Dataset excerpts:
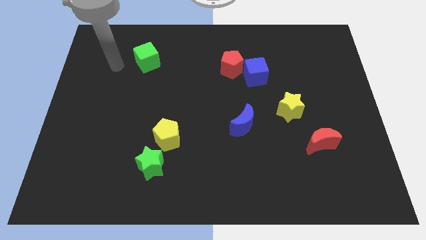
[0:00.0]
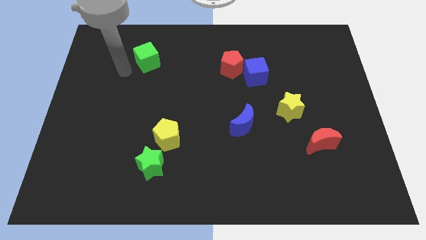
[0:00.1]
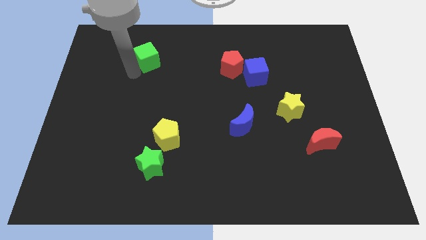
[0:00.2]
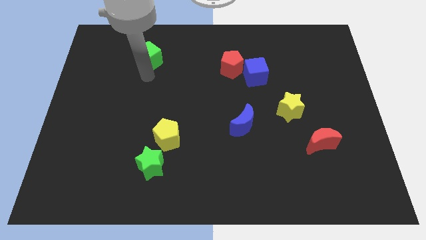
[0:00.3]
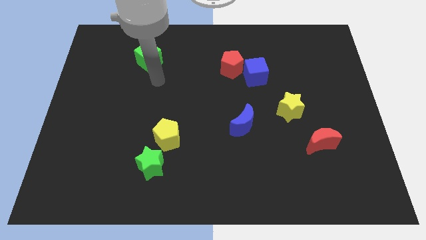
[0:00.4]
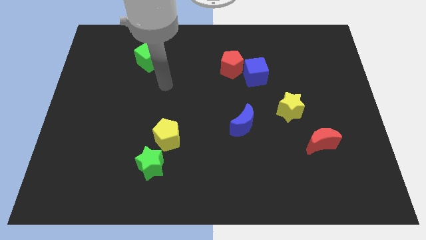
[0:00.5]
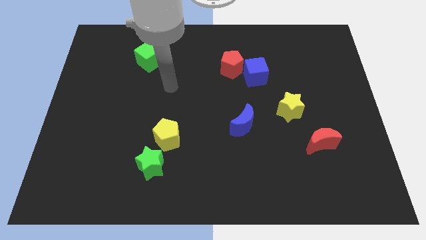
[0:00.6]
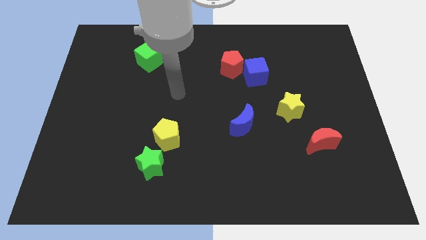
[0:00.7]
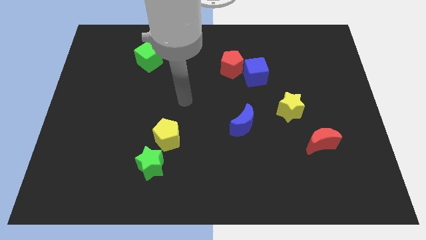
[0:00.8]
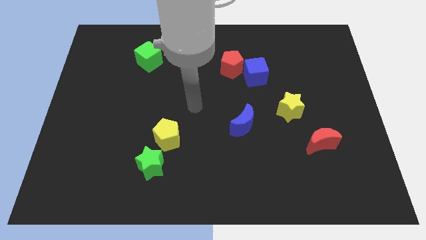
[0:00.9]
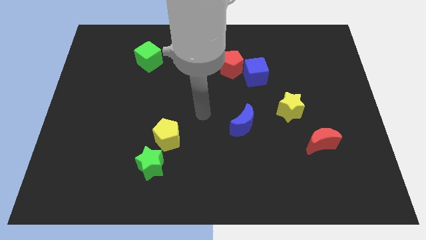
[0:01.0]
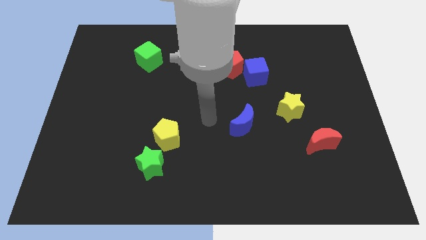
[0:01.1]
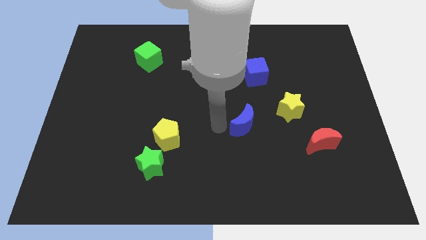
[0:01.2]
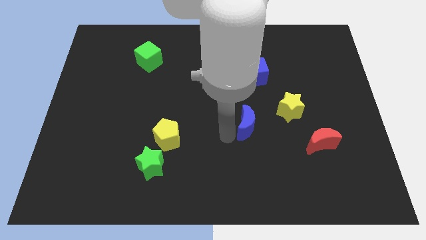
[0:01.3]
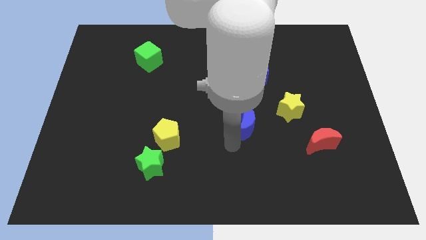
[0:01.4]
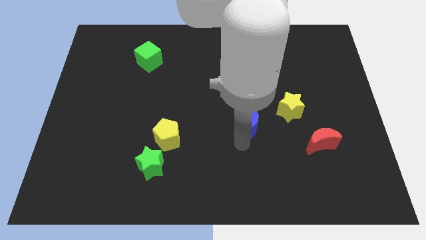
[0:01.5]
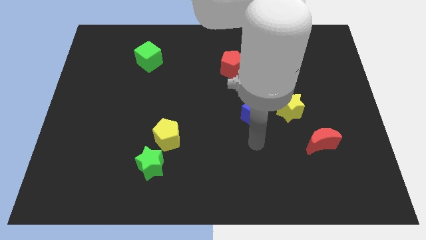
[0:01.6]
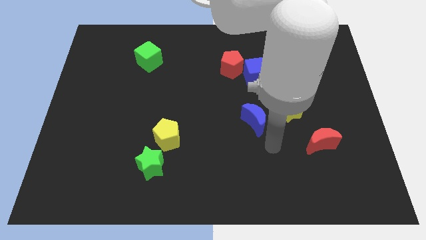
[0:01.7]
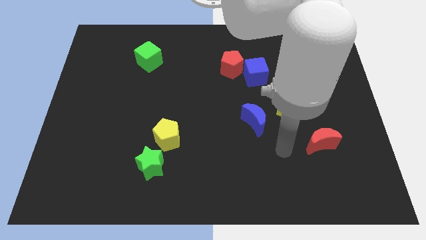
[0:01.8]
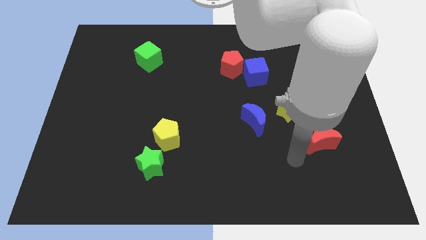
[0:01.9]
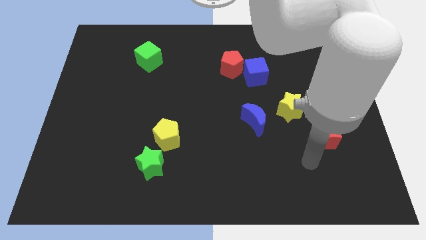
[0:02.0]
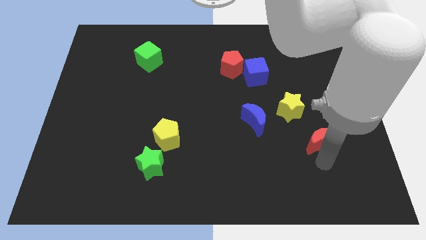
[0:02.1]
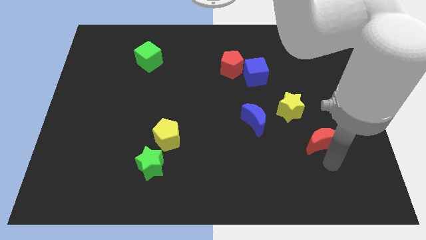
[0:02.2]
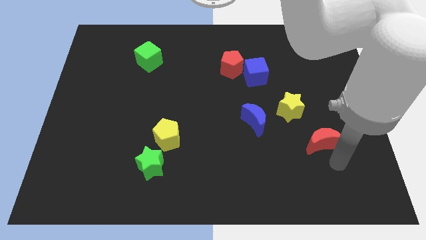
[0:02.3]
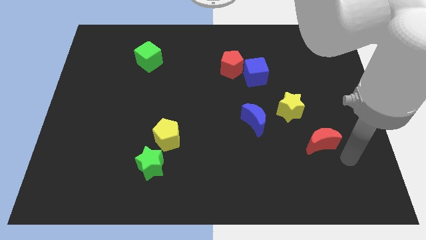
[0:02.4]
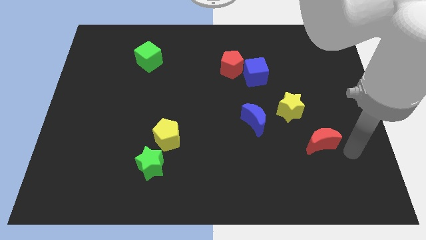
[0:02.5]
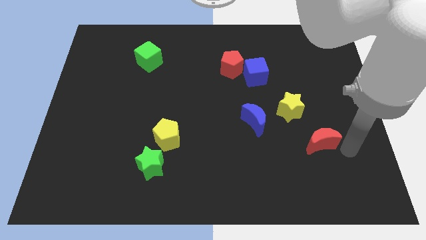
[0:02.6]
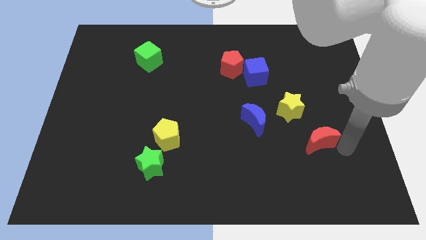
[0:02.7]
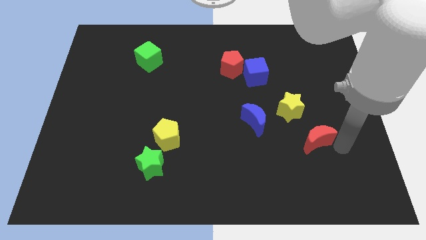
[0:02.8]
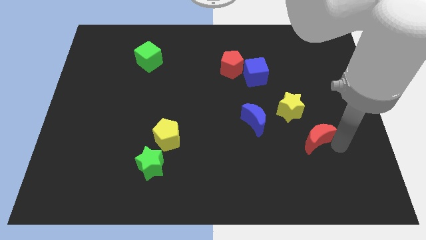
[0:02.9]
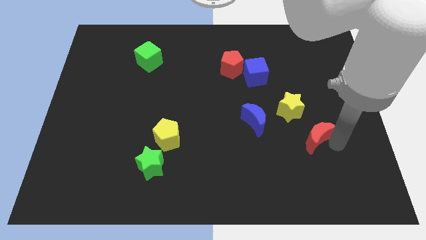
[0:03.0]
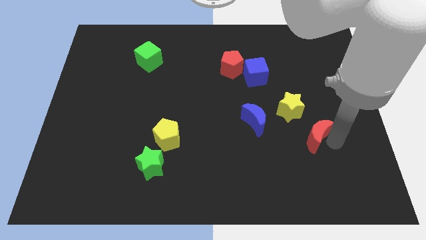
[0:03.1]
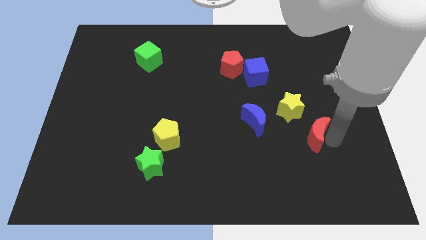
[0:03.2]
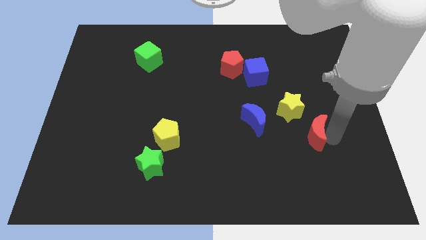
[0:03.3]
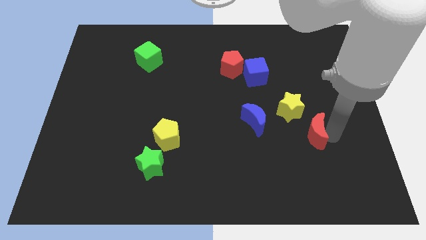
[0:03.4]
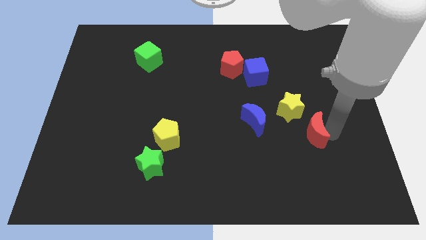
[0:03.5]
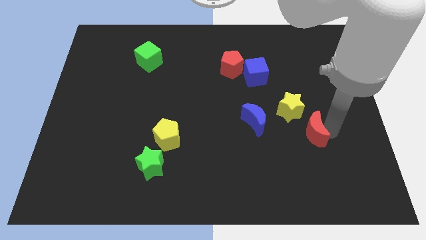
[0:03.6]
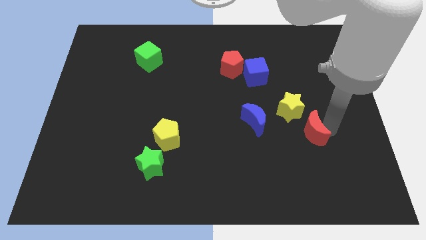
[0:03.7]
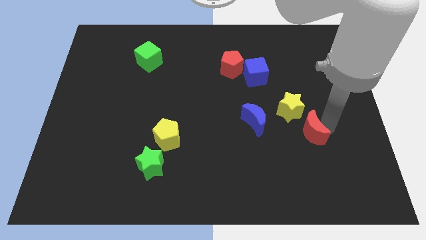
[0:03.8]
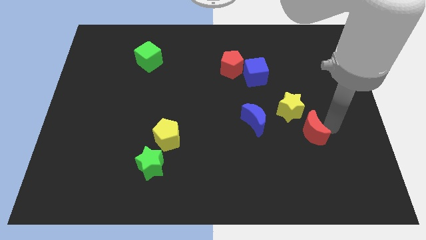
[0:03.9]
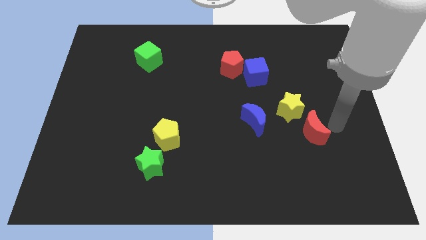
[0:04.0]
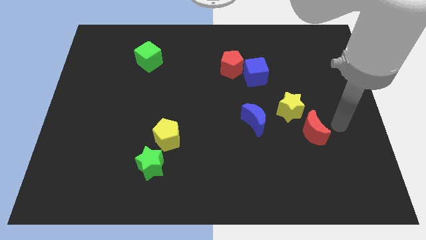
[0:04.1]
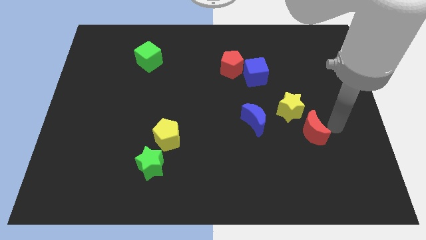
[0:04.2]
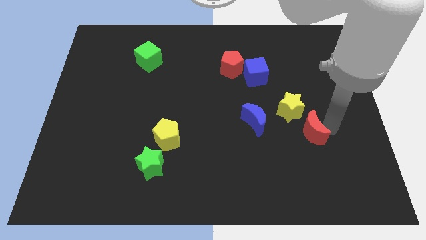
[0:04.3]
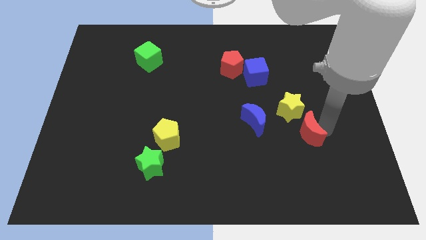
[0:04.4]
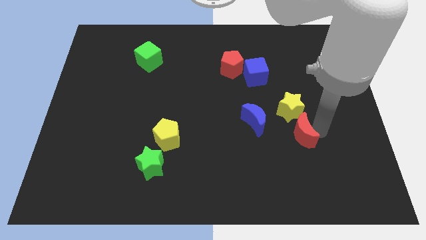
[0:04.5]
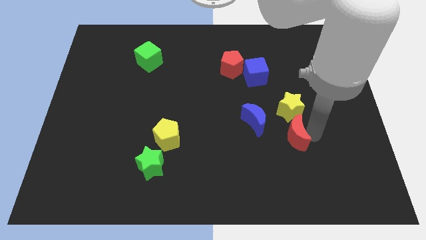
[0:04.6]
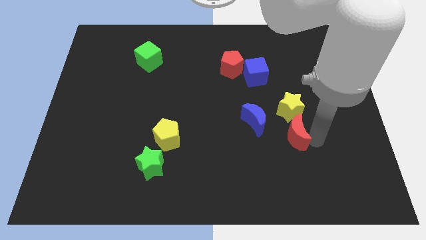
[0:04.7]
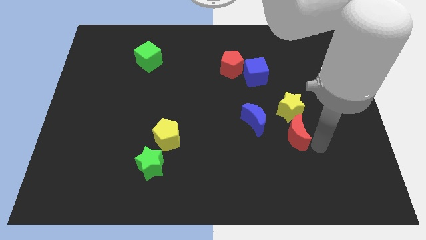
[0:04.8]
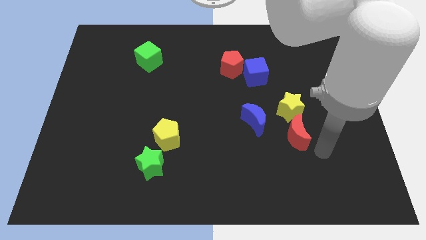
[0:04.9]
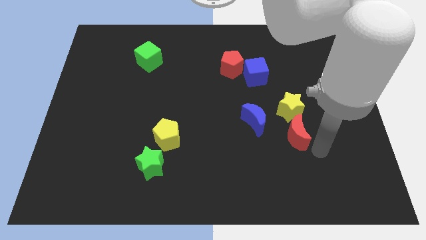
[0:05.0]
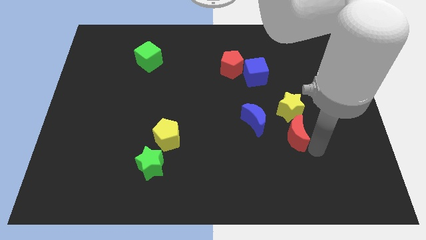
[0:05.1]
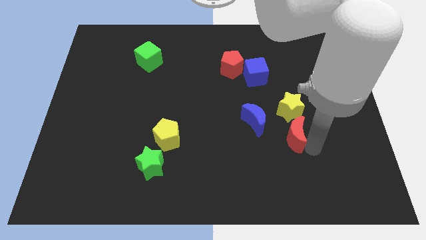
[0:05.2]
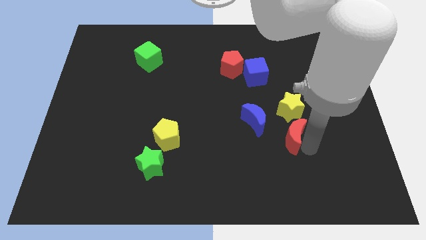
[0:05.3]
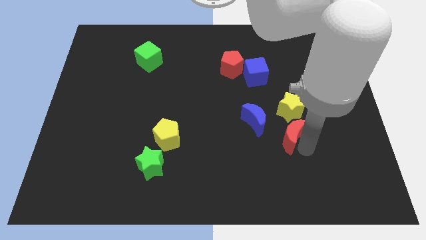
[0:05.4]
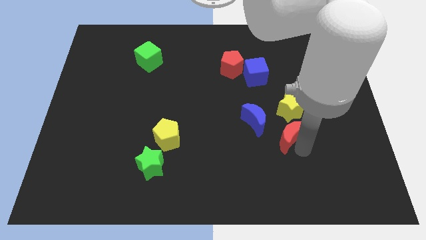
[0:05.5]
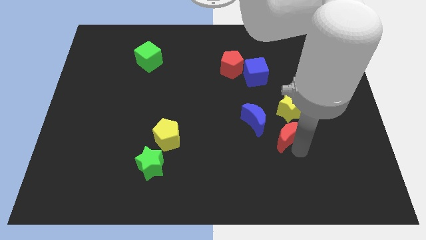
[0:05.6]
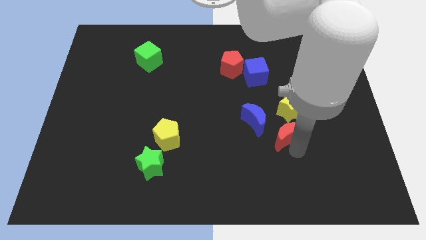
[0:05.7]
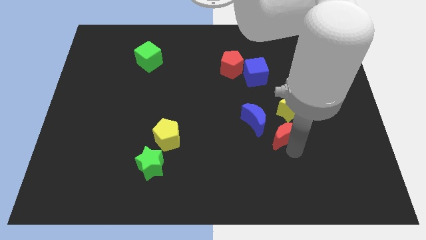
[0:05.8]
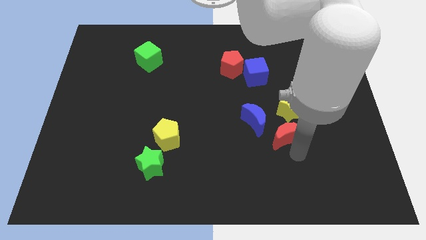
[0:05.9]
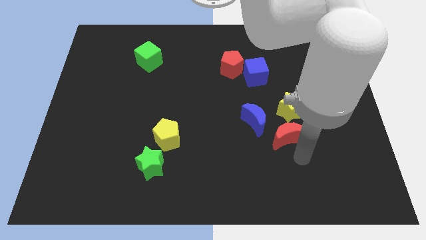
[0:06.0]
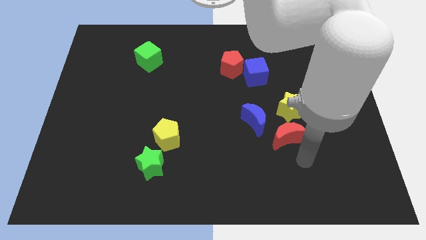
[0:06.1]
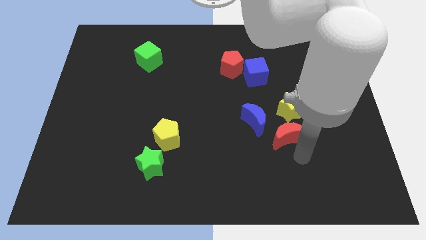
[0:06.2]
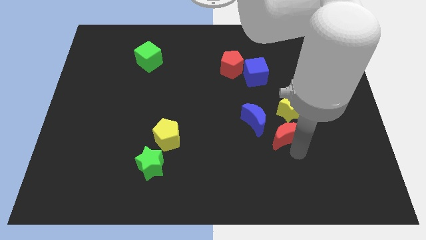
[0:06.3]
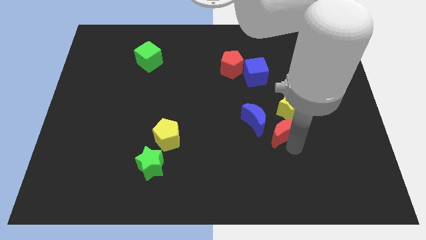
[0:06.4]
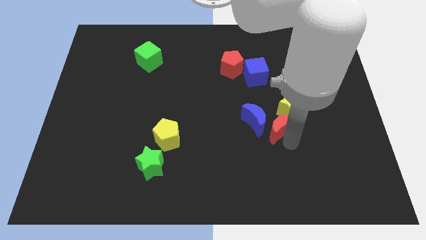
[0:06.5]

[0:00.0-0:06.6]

▸ **Your goal**:
Every record above should be written out again exactly; the pictures stay out of the copy.

▸ **Worked solution**:
[0:00.0]
[0:00.1]
[0:00.2]
[0:00.3]
[0:00.4]
[0:00.5]
[0:00.6]
[0:00.7]
[0:00.8]
[0:00.9]
[0:01.0]
[0:01.1]
[0:01.2]
[0:01.3]
[0:01.4]
[0:01.5]
[0:01.6]
[0:01.7]
[0:01.8]
[0:01.9]
[0:02.0]
[0:02.1]
[0:02.2]
[0:02.3]
[0:02.4]
[0:02.5]
[0:02.6]
[0:02.7]
[0:02.8]
[0:02.9]
[0:03.0]
[0:03.1]
[0:03.2]
[0:03.3]
[0:03.4]
[0:03.5]
[0:03.6]
[0:03.7]
[0:03.8]
[0:03.9]
[0:04.0]
[0:04.1]
[0:04.2]
[0:04.3]
[0:04.4]
[0:04.5]
[0:04.6]
[0:04.7]
[0:04.8]
[0:04.9]
[0:05.0]
[0:05.1]
[0:05.2]
[0:05.3]
[0:05.4]
[0:05.5]
[0:05.6]
[0:05.7]
[0:05.8]
[0:05.9]
[0:06.0]
[0:06.1]
[0:06.2]
[0:06.3]
[0:06.4]
[0:06.5]

[0:00.0-0:06.6]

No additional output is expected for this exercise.